Solid polymer electrolytes (SPEs) with in-built inorganic fillers are very promising for building safe solid-state batteries, owing to their excellent flexibility, prominent interfacial wettability and low costs. However, the morphology and surface state of inorganic fillers greatly affect ionic conductivity of SPEs. Here, we report that ultraviolet (UV) initiates in situ cross-linking of poly(ethylene glycol) methyl ether acrylate (MPEGA), poly(ethylene glycol) diacrylate (PEGDA) and montmorillonite (MMT) between cathodes and anodes of cell, to produce a solid composite electrolyte (CMP/MMT) that is composed of a robust interpenetrating polymer network matrix and layered MMT nanosheets. Surprisingly, the CMP/MMT delivers a high room-temperature ionic conductivity (~1.06 mS cm⁻¹), large lithium-ions transference number (t_Li+ = 0.79). The large ionic conductivity enhancement is ascribed to the local electric field effect of montmorillonite (MMT), which accelerates the lithium-ions fast transport in the interlayer of the MMT nanosheets. In addition, the density functional theory (DFT) is conducted to demonstrate the mechanism of improving ionic conductivity. As a result, a solid-state battery with CMP/MMT demonstrates a high capacity of ~140 mAh g⁻¹ and excellent capacity retention of >98% at 0.3 C after 400 cycling.

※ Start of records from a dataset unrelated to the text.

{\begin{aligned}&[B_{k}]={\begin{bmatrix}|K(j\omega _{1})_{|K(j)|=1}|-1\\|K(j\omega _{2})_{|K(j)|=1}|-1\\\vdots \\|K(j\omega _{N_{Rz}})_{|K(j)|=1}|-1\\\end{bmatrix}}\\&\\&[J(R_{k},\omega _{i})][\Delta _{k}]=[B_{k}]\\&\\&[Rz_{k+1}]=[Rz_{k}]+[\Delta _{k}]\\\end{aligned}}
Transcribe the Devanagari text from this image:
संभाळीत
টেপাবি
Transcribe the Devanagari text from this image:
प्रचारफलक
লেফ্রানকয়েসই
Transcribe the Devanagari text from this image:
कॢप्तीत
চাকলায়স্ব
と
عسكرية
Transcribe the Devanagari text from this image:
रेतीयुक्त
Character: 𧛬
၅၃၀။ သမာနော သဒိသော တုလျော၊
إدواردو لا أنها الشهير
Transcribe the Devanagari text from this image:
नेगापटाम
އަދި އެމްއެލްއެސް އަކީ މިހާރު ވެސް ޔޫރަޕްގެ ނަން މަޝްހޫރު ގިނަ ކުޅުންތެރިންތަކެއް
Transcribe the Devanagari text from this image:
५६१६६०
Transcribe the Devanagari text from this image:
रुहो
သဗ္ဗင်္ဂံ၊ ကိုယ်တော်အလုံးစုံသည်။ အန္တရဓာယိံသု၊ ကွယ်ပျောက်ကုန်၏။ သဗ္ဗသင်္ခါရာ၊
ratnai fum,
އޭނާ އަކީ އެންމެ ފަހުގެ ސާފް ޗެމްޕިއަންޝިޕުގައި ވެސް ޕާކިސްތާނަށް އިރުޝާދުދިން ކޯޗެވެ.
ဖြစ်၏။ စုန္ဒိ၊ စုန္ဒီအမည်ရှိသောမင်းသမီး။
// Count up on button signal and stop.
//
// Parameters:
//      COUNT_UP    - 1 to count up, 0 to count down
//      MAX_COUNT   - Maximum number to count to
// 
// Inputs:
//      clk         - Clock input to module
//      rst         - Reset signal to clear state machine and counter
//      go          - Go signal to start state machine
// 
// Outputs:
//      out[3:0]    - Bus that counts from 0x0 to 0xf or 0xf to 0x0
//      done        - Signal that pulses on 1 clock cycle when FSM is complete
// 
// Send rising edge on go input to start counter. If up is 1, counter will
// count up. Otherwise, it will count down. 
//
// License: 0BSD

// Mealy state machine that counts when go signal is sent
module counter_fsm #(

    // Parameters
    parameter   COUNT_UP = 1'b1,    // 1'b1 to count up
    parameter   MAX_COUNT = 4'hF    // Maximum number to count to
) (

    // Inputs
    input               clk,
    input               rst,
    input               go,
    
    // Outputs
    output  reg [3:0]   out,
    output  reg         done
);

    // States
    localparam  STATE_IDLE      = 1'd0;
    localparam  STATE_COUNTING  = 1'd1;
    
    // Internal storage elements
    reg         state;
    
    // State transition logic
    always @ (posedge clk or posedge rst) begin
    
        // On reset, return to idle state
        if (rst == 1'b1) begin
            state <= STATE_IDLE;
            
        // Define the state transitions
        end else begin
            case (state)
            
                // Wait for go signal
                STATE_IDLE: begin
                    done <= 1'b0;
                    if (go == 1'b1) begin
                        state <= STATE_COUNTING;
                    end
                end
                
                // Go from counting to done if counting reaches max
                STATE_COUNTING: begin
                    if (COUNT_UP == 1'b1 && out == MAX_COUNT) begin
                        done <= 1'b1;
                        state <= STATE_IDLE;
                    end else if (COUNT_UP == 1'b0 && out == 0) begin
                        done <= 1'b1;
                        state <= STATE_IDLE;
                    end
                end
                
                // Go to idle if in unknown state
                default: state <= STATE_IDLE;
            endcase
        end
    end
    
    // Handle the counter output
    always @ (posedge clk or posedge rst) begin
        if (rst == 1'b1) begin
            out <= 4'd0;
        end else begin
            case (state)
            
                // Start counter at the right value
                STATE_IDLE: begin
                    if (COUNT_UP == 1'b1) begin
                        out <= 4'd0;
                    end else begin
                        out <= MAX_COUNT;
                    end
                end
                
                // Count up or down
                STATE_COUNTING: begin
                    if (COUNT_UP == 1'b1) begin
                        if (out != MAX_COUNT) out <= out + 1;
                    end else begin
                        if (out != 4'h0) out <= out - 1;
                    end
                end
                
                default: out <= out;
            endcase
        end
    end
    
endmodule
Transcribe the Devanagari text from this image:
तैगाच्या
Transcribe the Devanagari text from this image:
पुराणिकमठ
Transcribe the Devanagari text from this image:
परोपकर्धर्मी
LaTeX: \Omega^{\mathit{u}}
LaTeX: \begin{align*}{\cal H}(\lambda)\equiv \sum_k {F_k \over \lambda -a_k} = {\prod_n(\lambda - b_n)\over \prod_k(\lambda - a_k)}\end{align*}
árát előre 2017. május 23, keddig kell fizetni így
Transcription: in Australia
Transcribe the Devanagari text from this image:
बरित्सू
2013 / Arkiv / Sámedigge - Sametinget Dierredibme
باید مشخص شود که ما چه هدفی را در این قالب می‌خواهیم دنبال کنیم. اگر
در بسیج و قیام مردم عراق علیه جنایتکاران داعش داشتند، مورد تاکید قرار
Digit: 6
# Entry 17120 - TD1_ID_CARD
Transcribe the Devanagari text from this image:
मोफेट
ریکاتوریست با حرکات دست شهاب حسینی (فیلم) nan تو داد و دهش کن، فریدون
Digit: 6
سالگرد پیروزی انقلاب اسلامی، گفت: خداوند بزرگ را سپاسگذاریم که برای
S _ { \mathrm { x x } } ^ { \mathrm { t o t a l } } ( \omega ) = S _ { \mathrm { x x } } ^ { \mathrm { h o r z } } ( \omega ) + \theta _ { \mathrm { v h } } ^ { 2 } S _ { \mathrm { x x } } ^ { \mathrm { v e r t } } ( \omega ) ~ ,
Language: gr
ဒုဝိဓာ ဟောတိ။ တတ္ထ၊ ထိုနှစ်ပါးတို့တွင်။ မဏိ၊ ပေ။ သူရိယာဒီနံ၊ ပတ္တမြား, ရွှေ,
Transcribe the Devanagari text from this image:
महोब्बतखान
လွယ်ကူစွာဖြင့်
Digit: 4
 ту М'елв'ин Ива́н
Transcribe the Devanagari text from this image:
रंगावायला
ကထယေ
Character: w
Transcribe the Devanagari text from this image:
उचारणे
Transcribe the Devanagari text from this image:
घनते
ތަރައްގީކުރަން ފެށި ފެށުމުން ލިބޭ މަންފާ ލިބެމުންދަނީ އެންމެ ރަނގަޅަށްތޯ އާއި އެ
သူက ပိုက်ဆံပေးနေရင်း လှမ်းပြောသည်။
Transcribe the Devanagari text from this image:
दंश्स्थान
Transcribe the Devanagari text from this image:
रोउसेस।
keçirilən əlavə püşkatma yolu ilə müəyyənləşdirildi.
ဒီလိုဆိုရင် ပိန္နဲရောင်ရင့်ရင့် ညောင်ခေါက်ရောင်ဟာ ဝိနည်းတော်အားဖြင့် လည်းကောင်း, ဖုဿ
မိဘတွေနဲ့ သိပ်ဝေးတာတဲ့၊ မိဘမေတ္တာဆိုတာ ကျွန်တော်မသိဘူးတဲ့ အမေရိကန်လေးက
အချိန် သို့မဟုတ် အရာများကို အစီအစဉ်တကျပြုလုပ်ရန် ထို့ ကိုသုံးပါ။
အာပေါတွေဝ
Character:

具有内置无机填料的固体聚合物电解质（SPE）由于其优异的柔韧性、显着的界面润湿性和低成本，在构建安全的固态电池方面非常有前景。然而，无机填料的形态和表面状态极大地影响了 SPE 的离子电导率。在这里，我们报告说，紫外线 (UV) 引发了电池阴极和阳极之间的聚（乙二醇）甲基醚丙烯酸酯（MPEGA）、聚（乙二醇）二丙烯酸酯（PEGDA）和蒙脱石（MMT）的原位交联，以生产固体复合电解质 (CMP/MMT)，由坚固的互穿聚合物网络基质和层状 MMT 纳米片组成。令人惊讶的是，CMP/MMT 提供了高室温离子电导率（~1.06 mS cm ^-1)，大的锂离子转移数 (t _Li+ = 0.79)。较大的离子电导率增强归因于蒙脱石（MMT）的局部电场效应，它加速了锂离子在 MMT 纳米片层间的快速传输。此外，还进行了密度泛函理论（DFT）来证明提高离子电导率的机制。因此，具有 CMP/MMT 的固态电池在 400 次循环后表现出约 140 mAh g ^-1的高容量和在 0.3 C 下 >98% 的出色容量保持率。